# TASK BRIEF:
Find each line below that includes "flat", then copy it.
☆ ☆ ☆ ☆
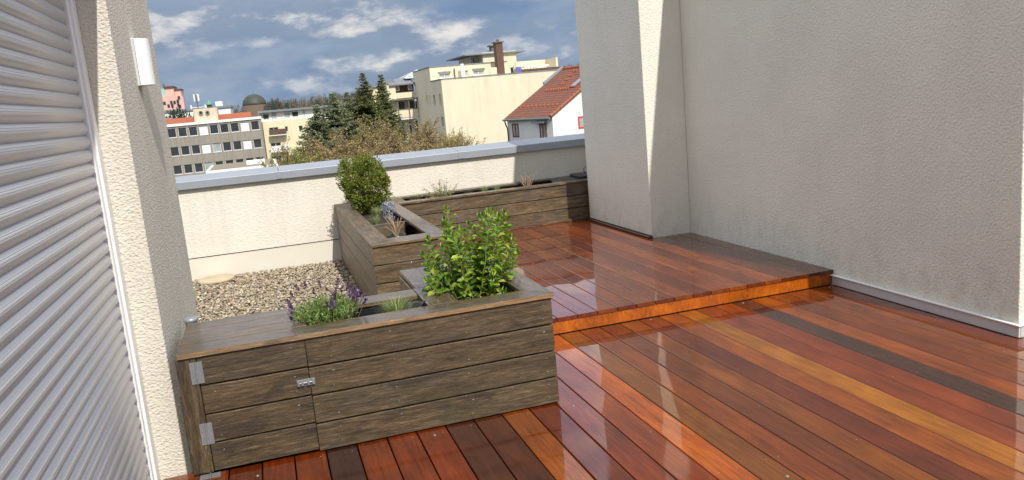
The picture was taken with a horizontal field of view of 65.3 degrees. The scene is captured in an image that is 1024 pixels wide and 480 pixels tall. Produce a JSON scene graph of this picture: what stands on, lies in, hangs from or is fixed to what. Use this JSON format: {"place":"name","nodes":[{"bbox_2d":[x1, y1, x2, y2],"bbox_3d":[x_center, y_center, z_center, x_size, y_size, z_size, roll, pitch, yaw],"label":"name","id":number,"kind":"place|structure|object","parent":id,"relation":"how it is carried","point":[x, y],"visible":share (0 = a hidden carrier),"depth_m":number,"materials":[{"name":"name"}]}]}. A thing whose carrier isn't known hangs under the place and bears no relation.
{"place":"outdoors","nodes":[
{"label":"outdoors","id":0,"kind":"place"},
{"bbox_2d":[75,0,198,479],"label":"shutter wall","id":1,"kind":"structure","parent":0,"point":[136,150],"depth_m":3.70,"materials":[{"name":"beige paint"}]},
{"bbox_2d":[0,0,159,479],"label":"roller shutter","id":2,"kind":"object","parent":1,"relation":"attached to","point":[73,403],"visible":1,"depth_m":2.66,"materials":[{"name":"silver metal"}]},
{"bbox_2d":[130,38,155,86],"bbox_3d":[-1.870,-0.902,4.066,0.076,0.234,0.158,-8,11,-16],"label":"wall lamp","id":3,"kind":"object","parent":1,"relation":"attached to","point":[142,59],"visible":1,"depth_m":4.01,"materials":[{"name":"white glass"}]},
{"bbox_2d":[161,84,185,110],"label":"pink tower","id":4,"kind":"structure","parent":0,"point":[173,97],"depth_m":272.64,"materials":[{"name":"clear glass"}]},
{"bbox_2d":[165,101,233,123],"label":"white flat hall","id":5,"kind":"structure","parent":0,"point":[226,109],"depth_m":213.74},
{"bbox_2d":[242,91,267,116],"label":"domed building","id":6,"kind":"structure","parent":0,"point":[253,104],"depth_m":376.64,"materials":[{"name":"green metal"}]},
{"bbox_2d":[192,259,362,321],"bbox_3d":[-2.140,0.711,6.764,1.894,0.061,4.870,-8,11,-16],"label":"gravel","id":7,"kind":"structure","parent":0,"point":[230,291],"depth_m":8.03,"materials":[{"name":"beige gravel"}]},
{"bbox_2d":[197,274,234,284],"bbox_3d":[-3.228,0.427,8.729,0.390,0.034,0.390,-8,11,-16],"label":"stepping stone","id":8,"kind":"object","parent":7,"relation":"on","point":[215,279],"visible":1,"depth_m":8.65,"materials":[{"name":"beige stone"}]},
{"bbox_2d":[334,201,448,296],"bbox_3d":[-1.243,0.105,7.846,0.629,0.677,3.147,-8,11,-16],"label":"corner planter","id":9,"kind":"object","parent":7,"relation":"on","point":[373,256],"visible":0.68,"depth_m":6.80,"materials":[{"name":"wood"}]},
{"bbox_2d":[333,151,394,214],"bbox_3d":[-1.595,-0.603,8.607,0.640,0.708,0.625,-8,11,-16],"label":"boxwood shrub","id":10,"kind":"object","parent":9,"relation":"on","point":[367,179],"visible":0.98,"depth_m":8.48,"materials":[{"name":"green plant"}]},
{"bbox_2d":[368,216,380,224],"bbox_3d":[-1.321,-0.191,7.763,0.201,0.100,0.202,0,12,28],"label":"grass tuft","id":11,"kind":"object","parent":9,"relation":"on","point":[375,221],"visible":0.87,"depth_m":7.75,"materials":[{"name":"green plant"}]},
{"bbox_2d":[369,206,384,220],"bbox_3d":[-1.357,-0.269,8.060,0.216,0.154,0.227,-8,11,-16],"label":"grass tuft","id":12,"kind":"object","parent":9,"relation":"on","point":[377,212],"visible":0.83,"depth_m":8.04,"materials":[{"name":"green plant"}]},
{"bbox_2d":[380,201,396,218],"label":"blue flowers","id":13,"kind":"object","parent":9,"relation":"on","point":[388,208],"visible":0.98,"depth_m":8.13,"materials":[{"name":"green plant"}]},
{"bbox_2d":[383,215,405,237],"bbox_3d":[-1.016,-0.082,7.039,0.201,0.310,0.181,-3,11,14],"label":"potted dead plant","id":14,"kind":"object","parent":9,"relation":"in","point":[396,233],"visible":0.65,"depth_m":7.02,"materials":[{"name":"beige plant"}]},
{"bbox_2d":[257,104,355,165],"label":"yellow apartment block","id":15,"kind":"structure","parent":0,"point":[279,126],"depth_m":139.50,"materials":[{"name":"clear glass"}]},
{"bbox_2d":[262,114,269,119],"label":"window","id":16,"kind":"structure","parent":15,"relation":"in","point":[265,116],"depth_m":139.08,"materials":[{"name":"clear glass"}]},
{"bbox_2d":[270,113,277,118],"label":"window","id":17,"kind":"structure","parent":15,"relation":"in","point":[273,115],"depth_m":139.45,"materials":[{"name":"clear glass"}]},
{"bbox_2d":[270,142,280,145],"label":"window","id":18,"kind":"structure","parent":15,"relation":"in","point":[279,143],"depth_m":139.38,"materials":[{"name":"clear glass"}]},
{"bbox_2d":[283,112,290,117],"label":"window","id":19,"kind":"structure","parent":15,"relation":"in","point":[286,114],"depth_m":140.10,"materials":[{"name":"white glass"}]},
{"bbox_2d":[291,111,298,116],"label":"window","id":20,"kind":"structure","parent":15,"relation":"in","point":[294,113],"depth_m":140.47,"materials":[{"name":"white glass"}]},
{"bbox_2d":[146,0,578,112],"label":"sky","id":21,"kind":"structure","parent":0,"point":[225,51],"materials":[{"name":"blue"}]},
{"bbox_2d":[166,63,578,118],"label":"distant woodland","id":22,"kind":"object","parent":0,"point":[291,103],"visible":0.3,"depth_m":347.40,"materials":[{"name":"green plant"}]},
{"bbox_2d":[175,133,586,282],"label":"parapet wall","id":23,"kind":"structure","parent":0,"point":[235,222],"depth_m":9.11,"materials":[{"name":"paint"}]},
{"bbox_2d":[379,70,419,141],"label":"balcony house","id":24,"kind":"structure","parent":0,"point":[402,92],"depth_m":99.43,"materials":[{"name":"beige paint"}]},
{"bbox_2d":[398,102,404,108],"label":"window","id":25,"kind":"structure","parent":24,"relation":"in","point":[401,104],"depth_m":100.10,"materials":[{"name":"black glass"}]},
{"bbox_2d":[408,121,412,135],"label":"window","id":26,"kind":"structure","parent":24,"relation":"in","point":[410,126],"depth_m":100.85,"materials":[{"name":"black glass"}]},
{"bbox_2d":[409,101,413,107],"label":"window","id":27,"kind":"structure","parent":24,"relation":"in","point":[411,103],"depth_m":100.47,"materials":[{"name":"black glass"}]},
{"bbox_2d":[414,120,418,135],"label":"window","id":28,"kind":"structure","parent":24,"relation":"in","point":[416,121],"depth_m":101.01,"materials":[{"name":"black glass"}]},
{"bbox_2d":[412,39,565,147],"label":"cream apartment house","id":29,"kind":"structure","parent":0,"point":[480,95],"depth_m":87.86,"materials":[{"name":"beige paint"}]},
{"bbox_2d":[439,73,450,78],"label":"window","id":30,"kind":"structure","parent":29,"relation":"in","point":[444,75],"depth_m":90.74,"materials":[{"name":"white glass"}]},
{"bbox_2d":[473,70,484,75],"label":"window","id":31,"kind":"structure","parent":29,"relation":"in","point":[478,72],"depth_m":91.88,"materials":[{"name":"white glass"}]},
{"bbox_2d":[502,65,583,140],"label":"red roofed house","id":32,"kind":"structure","parent":0,"point":[551,106],"depth_m":67.22,"materials":[{"name":"ceramic"}]},
{"bbox_2d":[512,124,518,136],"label":"window","id":33,"kind":"structure","parent":32,"relation":"in","point":[515,128],"depth_m":69.43,"materials":[{"name":"grey glass"}]},
{"bbox_2d":[539,123,546,137],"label":"window","id":34,"kind":"structure","parent":32,"relation":"in","point":[542,127],"depth_m":65.86,"materials":[{"name":"grey glass"}]},
{"bbox_2d":[578,116,583,128],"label":"gable window","id":35,"kind":"structure","parent":32,"relation":"in","point":[580,119],"depth_m":66.07,"materials":[{"name":"clear glass"}]},
{"bbox_2d":[164,281,1023,479],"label":"deck","id":36,"kind":"structure","parent":0,"point":[830,382],"depth_m":3.95,"materials":[{"name":"wood"}]},
{"bbox_2d":[183,316,197,325],"bbox_3d":[-1.680,0.763,4.321,0.072,0.712,0.072,-8,11,-16],"label":"pipe stub","id":37,"kind":"object","parent":36,"relation":"on","point":[190,319],"visible":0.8,"depth_m":4.24,"materials":[{"name":"metal"}]},
{"bbox_2d":[182,471,226,479],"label":"floor flap","id":38,"kind":"object","parent":36,"relation":"on","point":[221,475],"visible":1,"depth_m":3.70,"materials":[{"name":"wood"}]},
{"bbox_2d":[175,259,558,475],"bbox_3d":[-0.797,0.656,4.468,1.839,0.693,1.155,-8,11,-16],"label":"storage planter","id":39,"kind":"object","parent":36,"relation":"on","point":[258,387],"visible":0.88,"depth_m":3.93,"materials":[{"name":"wood"},{"name":"dark soil"},{"name":"metal"}]},
{"bbox_2d":[189,339,318,469],"bbox_3d":[-1.195,0.778,3.770,0.541,0.556,0.043,-8,11,-16],"label":"door","id":40,"kind":"structure","parent":39,"relation":"in","point":[232,394],"depth_m":3.77,"materials":[{"name":"wood"}]},
{"bbox_2d":[285,278,367,324],"bbox_3d":[-0.937,0.336,4.059,0.405,0.313,0.267,-8,11,-16],"label":"lavender plant","id":41,"kind":"object","parent":39,"relation":"in","point":[335,307],"visible":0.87,"depth_m":4.02,"materials":[{"name":"green plant"}]},
{"bbox_2d":[373,292,418,312],"bbox_3d":[-0.593,0.366,4.172,0.282,0.131,0.305,-8,11,-16],"label":"grass tuft","id":42,"kind":"object","parent":39,"relation":"in","point":[397,306],"visible":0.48,"depth_m":4.19,"materials":[{"name":"green plant"}]},
{"bbox_2d":[405,300,425,308],"bbox_3d":[-0.517,0.343,4.189,0.111,0.075,0.224,-9,11,-21],"label":"crumpled foil","id":43,"kind":"object","parent":39,"relation":"in","point":[418,303],"visible":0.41,"depth_m":4.21,"materials":[{"name":"black plastic"}]},
{"bbox_2d":[417,204,522,300],"bbox_3d":[-0.222,0.108,4.506,0.657,0.642,0.520,-8,11,-16],"label":"leafy shrub","id":44,"kind":"object","parent":39,"relation":"on","point":[482,281],"visible":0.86,"depth_m":4.41,"materials":[{"name":"green plant"}]},
{"bbox_2d":[451,216,832,333],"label":"deck","id":45,"kind":"structure","parent":36,"relation":"on","point":[588,272],"depth_m":6.46,"materials":[{"name":"brown wood"}]},
{"bbox_2d":[389,176,589,234],"bbox_3d":[0.079,-0.427,9.509,2.965,0.457,0.663,-8,11,-16],"label":"long planter","id":46,"kind":"object","parent":45,"relation":"on","point":[541,200],"visible":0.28,"depth_m":9.21,"materials":[{"name":"wood"}]},
{"bbox_2d":[423,176,456,200],"bbox_3d":[-0.821,-0.574,9.151,0.363,0.294,0.266,-1,11,24],"label":"bushy herb","id":47,"kind":"object","parent":46,"relation":"on","point":[439,193],"visible":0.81,"depth_m":9.14,"materials":[{"name":"green plant"}]},
{"bbox_2d":[519,171,536,185],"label":"dried stalks","id":48,"kind":"object","parent":46,"relation":"on","point":[525,182],"visible":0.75,"depth_m":9.38,"materials":[{"name":"brown plant"}]},
{"bbox_2d":[550,166,586,182],"bbox_3d":[0.760,-0.811,9.718,0.749,0.137,0.500,-8,11,-16],"label":"planter cover","id":49,"kind":"object","parent":46,"relation":"on","point":[579,175],"visible":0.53,"depth_m":9.64,"materials":[{"name":"black plastic"}]},
{"bbox_2d":[575,0,1023,337],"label":"rendered wall","id":50,"kind":"structure","parent":0,"point":[875,148],"depth_m":5.88,"materials":[{"name":"grey paint"}]},
{"label":"ground","id":51,"kind":"structure","parent":0,"visible":0},
{"bbox_2d":[166,107,266,176],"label":"office block","id":52,"kind":"structure","parent":51,"relation":"on","point":[199,144],"depth_m":135.30,"materials":[{"name":"concrete"}]},
{"bbox_2d":[167,128,176,137],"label":"window","id":53,"kind":"structure","parent":52,"relation":"in","point":[171,132],"depth_m":133.19,"materials":[{"name":"black glass"}]},
{"bbox_2d":[171,147,179,156],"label":"window","id":54,"kind":"structure","parent":52,"relation":"in","point":[174,150],"depth_m":133.75,"materials":[{"name":"black glass"}]},
{"bbox_2d":[174,165,182,174],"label":"window","id":55,"kind":"structure","parent":52,"relation":"in","point":[177,169],"depth_m":134.27,"materials":[{"name":"black glass"}]},
{"bbox_2d":[178,127,187,137],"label":"window","id":56,"kind":"structure","parent":52,"relation":"in","point":[182,132],"depth_m":133.68,"materials":[{"name":"black glass"}]},
{"bbox_2d":[181,146,189,155],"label":"window","id":57,"kind":"structure","parent":52,"relation":"in","point":[185,150],"depth_m":134.21,"materials":[{"name":"black glass"}]},
{"bbox_2d":[184,164,192,173],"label":"window","id":58,"kind":"structure","parent":52,"relation":"in","point":[188,168],"depth_m":134.73,"materials":[{"name":"black glass"}]},
{"bbox_2d":[188,126,197,136],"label":"window","id":59,"kind":"structure","parent":52,"relation":"in","point":[192,130],"depth_m":134.14,"materials":[{"name":"black glass"}]},
{"bbox_2d":[191,145,200,154],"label":"window","id":60,"kind":"structure","parent":52,"relation":"in","point":[195,148],"depth_m":134.67,"materials":[{"name":"black glass"}]},
{"bbox_2d":[190,94,206,108],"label":"phone mast","id":61,"kind":"object","parent":52,"relation":"on","point":[197,100],"visible":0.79,"depth_m":183.90,"materials":[{"name":"white metal"}]},
{"bbox_2d":[194,163,203,172],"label":"window","id":62,"kind":"structure","parent":52,"relation":"in","point":[199,166],"depth_m":135.23,"materials":[{"name":"black glass"}]},
{"bbox_2d":[199,126,208,135],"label":"window","id":63,"kind":"structure","parent":52,"relation":"in","point":[203,130],"depth_m":134.60,"materials":[{"name":"white"}]},
{"bbox_2d":[202,144,210,153],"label":"window","id":64,"kind":"structure","parent":52,"relation":"in","point":[206,148],"depth_m":135.16,"materials":[{"name":"white"}]},
{"bbox_2d":[205,99,212,107],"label":"lantern chimney","id":65,"kind":"object","parent":52,"relation":"on","point":[209,104],"visible":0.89,"depth_m":143.05,"materials":[{"name":"green metal"}]},
{"bbox_2d":[205,162,212,170],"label":"window","id":66,"kind":"structure","parent":52,"relation":"in","point":[208,164],"depth_m":135.62,"materials":[{"name":"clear glass"}]},
{"bbox_2d":[209,125,218,134],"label":"window","id":67,"kind":"structure","parent":52,"relation":"in","point":[213,128],"depth_m":135.09,"materials":[{"name":"black glass"}]},
{"bbox_2d":[212,143,221,152],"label":"window","id":68,"kind":"structure","parent":52,"relation":"in","point":[216,146],"depth_m":135.62,"materials":[{"name":"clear glass"}]},
{"bbox_2d":[220,124,229,133],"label":"window","id":69,"kind":"structure","parent":52,"relation":"in","point":[224,128],"depth_m":135.56,"materials":[{"name":"black glass"}]},
{"bbox_2d":[223,142,231,151],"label":"window","id":70,"kind":"structure","parent":52,"relation":"in","point":[226,145],"depth_m":136.09,"materials":[{"name":"black glass"}]},
{"bbox_2d":[230,123,239,132],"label":"window","id":71,"kind":"structure","parent":52,"relation":"in","point":[234,126],"depth_m":136.02,"materials":[{"name":"black glass"}]},
{"bbox_2d":[233,141,242,150],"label":"window","id":72,"kind":"structure","parent":52,"relation":"in","point":[237,145],"depth_m":136.55,"materials":[{"name":"black glass"}]},
{"bbox_2d":[240,122,249,131],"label":"window","id":73,"kind":"structure","parent":52,"relation":"in","point":[244,125],"depth_m":136.49,"materials":[{"name":"white"}]},
{"bbox_2d":[243,140,252,149],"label":"window","id":74,"kind":"structure","parent":52,"relation":"in","point":[247,144],"depth_m":137.02,"materials":[{"name":"white"}]},
{"bbox_2d":[251,121,259,130],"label":"window","id":75,"kind":"structure","parent":52,"relation":"in","point":[254,124],"depth_m":136.95,"materials":[{"name":"black glass"}]},
{"bbox_2d":[253,139,262,148],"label":"window","id":76,"kind":"structure","parent":52,"relation":"in","point":[257,142],"depth_m":137.49,"materials":[{"name":"black glass"}]},
{"bbox_2d":[206,159,277,173],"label":"flat roof annexe","id":77,"kind":"structure","parent":51,"relation":"on","point":[250,164],"depth_m":105.27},
{"bbox_2d":[257,136,322,167],"bbox_3d":[-9.944,1.519,39.409,6.207,13.278,5.653,-8,11,-16],"label":"budding tree","id":78,"kind":"object","parent":51,"relation":"on","point":[295,156],"visible":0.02,"depth_m":38.40,"materials":[{"name":"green plant"}]},
{"bbox_2d":[270,127,355,165],"bbox_3d":[-9.777,0.675,43.666,5.502,13.395,6.125,-4,10,4],"label":"budding tree","id":79,"kind":"object","parent":51,"relation":"on","point":[337,147],"visible":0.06,"depth_m":42.52,"materials":[{"name":"brown plant"}]},
{"bbox_2d":[289,105,349,152],"bbox_3d":[-14.440,-3.190,62.842,10.005,15.001,9.720,-8,11,-16],"label":"conifer","id":80,"kind":"object","parent":51,"relation":"on","point":[315,130],"visible":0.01,"depth_m":61.46,"materials":[{"name":"green plant"}]},
{"bbox_2d":[296,92,372,154],"bbox_3d":[-13.653,-4.043,65.008,9.686,15.767,9.938,-8,11,-16],"label":"conifer","id":81,"kind":"object","parent":51,"relation":"on","point":[334,116],"visible":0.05,"depth_m":63.62,"materials":[{"name":"green plant"}]},
{"bbox_2d":[303,140,388,162],"bbox_3d":[-8.191,1.167,42.131,6.038,12.693,5.416,-7,10,-8],"label":"budding tree","id":82,"kind":"object","parent":51,"relation":"on","point":[326,150],"visible":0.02,"depth_m":40.79,"materials":[{"name":"brown plant"}]},
{"bbox_2d":[340,91,356,133],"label":"conifer","id":83,"kind":"object","parent":51,"relation":"on","point":[347,106],"visible":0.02,"depth_m":68.77,"materials":[{"name":"green plant"}]},
{"bbox_2d":[325,115,416,159],"bbox_3d":[-8.139,-0.469,47.749,6.372,13.904,5.788,-4,10,6],"label":"budding tree","id":84,"kind":"object","parent":51,"relation":"on","point":[363,137],"visible":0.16,"depth_m":46.01,"materials":[{"name":"brown plant"}]},
{"bbox_2d":[366,85,379,103],"bbox_3d":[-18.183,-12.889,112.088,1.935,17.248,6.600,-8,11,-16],"label":"pale house","id":85,"kind":"structure","parent":51,"relation":"on","point":[373,87],"depth_m":107.74,"materials":[{"name":"beige paint"}]},
{"bbox_2d":[345,73,407,148],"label":"conifer","id":86,"kind":"object","parent":51,"relation":"on","point":[367,108],"visible":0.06,"depth_m":68.10,"materials":[{"name":"green plant"}]},
{"bbox_2d":[374,74,411,148],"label":"conifer","id":87,"kind":"object","parent":51,"relation":"on","point":[385,102],"visible":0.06,"depth_m":71.62,"materials":[{"name":"green plant"}]},
{"bbox_2d":[361,118,451,155],"bbox_3d":[-5.390,0.178,43.541,6.827,13.638,5.980,-14,14,-41],"label":"budding tree","id":88,"kind":"object","parent":51,"relation":"on","point":[393,146],"visible":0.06,"depth_m":42.27,"materials":[{"name":"brown plant"}]},
{"bbox_2d":[386,116,465,151],"bbox_3d":[-4.484,-0.565,47.461,6.425,13.548,6.461,-8,11,-16],"label":"budding tree","id":89,"kind":"object","parent":51,"relation":"on","point":[425,128],"visible":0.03,"depth_m":46.60,"materials":[{"name":"brown plant"}]},
{"bbox_2d":[412,127,486,149],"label":"budding tree","id":90,"kind":"object","parent":51,"relation":"on","point":[457,144],"visible":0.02,"depth_m":43.72,"materials":[{"name":"brown plant"}]}
]}
☆ ☆ ☆ ☆
# SOLVED EXERCISE:
{"bbox_2d":[165,101,233,123],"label":"white flat hall","id":5,"kind":"structure","parent":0,"point":[226,109],"depth_m":213.74},
{"bbox_2d":[206,159,277,173],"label":"flat roof annexe","id":77,"kind":"structure","parent":51,"relation":"on","point":[250,164],"depth_m":105.27},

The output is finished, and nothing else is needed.